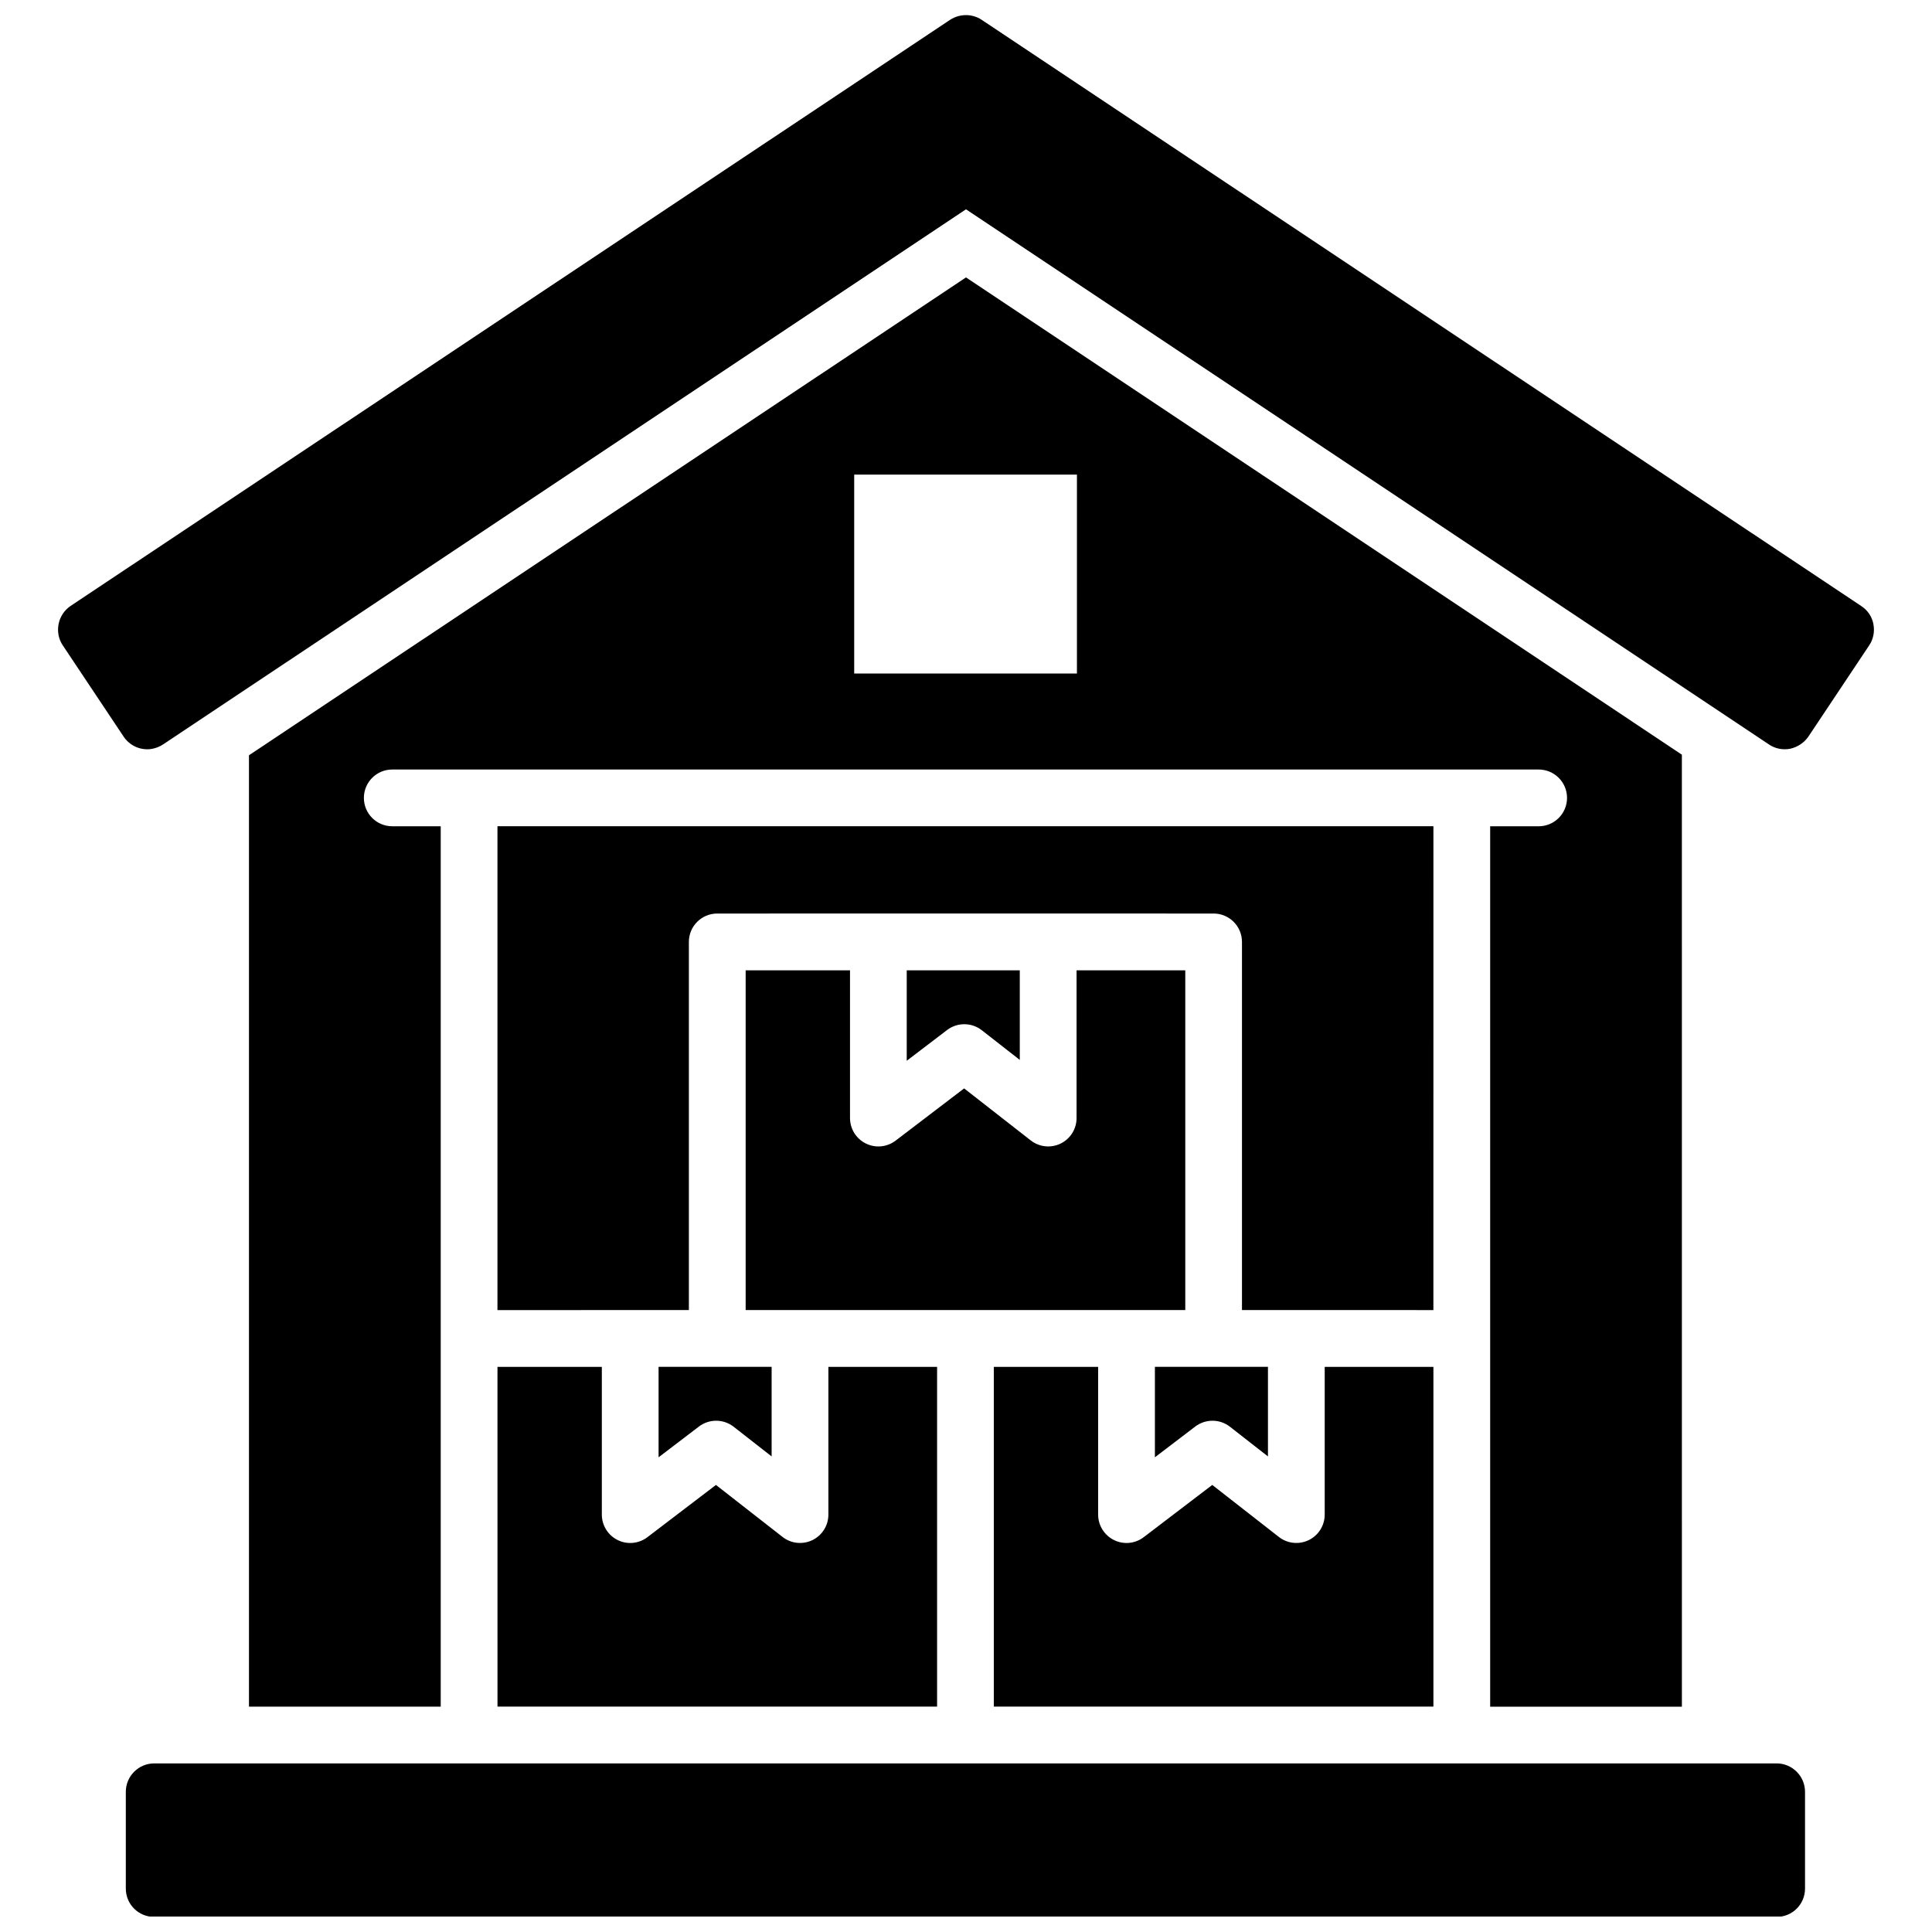<?xml version="1.0" encoding="UTF-8"?>
<!-- Uploaded to: SVG Repo, www.svgrepo.com, Generator: SVG Repo Mixer Tools -->
<svg width="800px" height="800px" version="1.1" viewBox="144 144 512 512" xmlns="http://www.w3.org/2000/svg">
 <defs>
  <clipPath id="b">
   <path d="m177 611h446v40.902h-446z"/>
  </clipPath>
  <clipPath id="a">
   <path d="m159 148.09h482v194.91h-482z"/>
  </clipPath>
 </defs>
 <g clip-path="url(#b)">
  <path d="m622.35 618.84v25.641c0 4.211-3.383 7.519-7.519 7.519h-429.97c-4.137 0-7.519-3.309-7.519-7.519v-25.641c0-4.137 3.383-7.519 7.519-7.519h429.97c4.137 0 7.519 3.383 7.519 7.519z"/>
 </g>
 <g clip-path="url(#a)">
  <path d="m640.47 309.41c0.375 1.957 0 3.984-1.129 5.641l-16.09 24.137c-1.129 1.652-2.859 2.781-4.812 3.234-1.957 0.375-3.984 0-5.641-1.129l-212.8-141.82-212.8 141.82c-1.277 0.828-2.781 1.277-4.211 1.277-2.406 0-4.812-1.203-6.242-3.383l-16.094-24.137c-1.129-1.656-1.504-3.684-1.129-5.641s1.504-3.684 3.16-4.812l233.11-155.35c2.555-1.656 5.863-1.656 8.348 0l233.11 155.36c1.727 1.125 2.856 2.856 3.231 4.809z"/>
 </g>
 <path d="m404.18 417.02 10.074 7.867v-23.742h-29.961v23.973l10.699-8.156c2.723-2.066 6.492-2.043 9.188 0.059z"/>
 <path d="m318.53 530.2 10.699-8.156c2.723-2.066 6.492-2.047 9.188 0.055l10.074 7.867v-23.738h-29.961z"/>
 <path d="m450.06 530.2 10.699-8.156c2.723-2.066 6.492-2.047 9.188 0.055l10.074 7.867v-23.738h-29.961z"/>
 <path d="m458.11 491.18v-90.039h-28.809v39.156c0 2.875-1.637 5.496-4.223 6.758-2.637 1.281-5.707 0.902-7.922-0.832l-17.652-13.785-18.16 13.84c-2.277 1.738-5.332 2.035-7.894 0.758-2.562-1.266-4.188-3.879-4.188-6.738v-39.156h-27.656v90.035c29.371 0.004 65.391 0.004 116.5 0.004z"/>
 <path d="m523.87 362.96h-248.04v128.23c0.773 0 54.125-0.016 50.727-0.016v-97.559c0-4.152 3.363-7.519 7.519-7.519 11.27-0.023 129.57 0 131.54 0 4.156 0 7.519 3.367 7.519 7.519v97.555c5.043 0 52.848 0.016 50.727 0.016z"/>
 <path d="m275.84 596.27h116.5v-90.039h-28.809v39.152c0 2.875-1.637 5.496-4.223 6.758-2.637 1.281-5.707 0.902-7.922-0.832l-17.652-13.785-18.16 13.84c-2.277 1.738-5.34 2.035-7.894 0.758-2.562-1.266-4.188-3.879-4.188-6.738v-39.152h-27.656z"/>
 <path d="m400 217.52-190.02 126.63v252.13h50.816v-233.31h-12.844c-4.156 0-7.519-3.367-7.519-7.519 0-4.152 3.363-7.519 7.519-7.519h303.81c4.156 0 7.519 3.367 7.519 7.519 0 4.152-3.363 7.519-7.519 7.519h-12.852v233.32h50.809l-0.004-252.29zm29.398 104.97h-59.027v-52.711h59.027z"/>
 <path d="m523.87 506.23h-28.809v39.152c0 2.875-1.637 5.496-4.223 6.758-2.637 1.281-5.707 0.902-7.922-0.832l-17.656-13.785-18.16 13.84c-2.277 1.738-5.332 2.035-7.894 0.758-2.562-1.266-4.188-3.879-4.188-6.738v-39.152h-27.648v90.035h116.5z"/>
</svg>
=-=-=
TASK GOAL: Please retype the data exactly. The pictures do not go in.

RESULT OF THIS EXERCISE:
<?xml version="1.0" encoding="UTF-8"?>
<!-- Uploaded to: SVG Repo, www.svgrepo.com, Generator: SVG Repo Mixer Tools -->
<svg width="800px" height="800px" version="1.1" viewBox="144 144 512 512" xmlns="http://www.w3.org/2000/svg">
 <defs>
  <clipPath id="b">
   <path d="m177 611h446v40.902h-446z"/>
  </clipPath>
  <clipPath id="a">
   <path d="m159 148.09h482v194.91h-482z"/>
  </clipPath>
 </defs>
 <g clip-path="url(#b)">
  <path d="m622.35 618.84v25.641c0 4.211-3.383 7.519-7.519 7.519h-429.97c-4.137 0-7.519-3.309-7.519-7.519v-25.641c0-4.137 3.383-7.519 7.519-7.519h429.97c4.137 0 7.519 3.383 7.519 7.519z"/>
 </g>
 <g clip-path="url(#a)">
  <path d="m640.47 309.41c0.375 1.957 0 3.984-1.129 5.641l-16.09 24.137c-1.129 1.652-2.859 2.781-4.812 3.234-1.957 0.375-3.984 0-5.641-1.129l-212.8-141.82-212.8 141.82c-1.277 0.828-2.781 1.277-4.211 1.277-2.406 0-4.812-1.203-6.242-3.383l-16.094-24.137c-1.129-1.656-1.504-3.684-1.129-5.641s1.504-3.684 3.16-4.812l233.11-155.35c2.555-1.656 5.863-1.656 8.348 0l233.11 155.36c1.727 1.125 2.856 2.856 3.231 4.809z"/>
 </g>
 <path d="m404.18 417.02 10.074 7.867v-23.742h-29.961v23.973l10.699-8.156c2.723-2.066 6.492-2.043 9.188 0.059z"/>
 <path d="m318.53 530.2 10.699-8.156c2.723-2.066 6.492-2.047 9.188 0.055l10.074 7.867v-23.738h-29.961z"/>
 <path d="m450.06 530.2 10.699-8.156c2.723-2.066 6.492-2.047 9.188 0.055l10.074 7.867v-23.738h-29.961z"/>
 <path d="m458.11 491.18v-90.039h-28.809v39.156c0 2.875-1.637 5.496-4.223 6.758-2.637 1.281-5.707 0.902-7.922-0.832l-17.652-13.785-18.16 13.84c-2.277 1.738-5.332 2.035-7.894 0.758-2.562-1.266-4.188-3.879-4.188-6.738v-39.156h-27.656v90.035c29.371 0.004 65.391 0.004 116.5 0.004z"/>
 <path d="m523.87 362.96h-248.04v128.23c0.773 0 54.125-0.016 50.727-0.016v-97.559c0-4.152 3.363-7.519 7.519-7.519 11.27-0.023 129.57 0 131.54 0 4.156 0 7.519 3.367 7.519 7.519v97.555c5.043 0 52.848 0.016 50.727 0.016z"/>
 <path d="m275.84 596.27h116.5v-90.039h-28.809v39.152c0 2.875-1.637 5.496-4.223 6.758-2.637 1.281-5.707 0.902-7.922-0.832l-17.652-13.785-18.16 13.84c-2.277 1.738-5.34 2.035-7.894 0.758-2.562-1.266-4.188-3.879-4.188-6.738v-39.152h-27.656z"/>
 <path d="m400 217.52-190.02 126.63v252.13h50.816v-233.31h-12.844c-4.156 0-7.519-3.367-7.519-7.519 0-4.152 3.363-7.519 7.519-7.519h303.81c4.156 0 7.519 3.367 7.519 7.519 0 4.152-3.363 7.519-7.519 7.519h-12.852v233.32h50.809l-0.004-252.29zm29.398 104.97h-59.027v-52.711h59.027z"/>
 <path d="m523.87 506.23h-28.809v39.152c0 2.875-1.637 5.496-4.223 6.758-2.637 1.281-5.707 0.902-7.922-0.832l-17.656-13.785-18.16 13.84c-2.277 1.738-5.332 2.035-7.894 0.758-2.562-1.266-4.188-3.879-4.188-6.738v-39.152h-27.648v90.035h116.5z"/>
</svg>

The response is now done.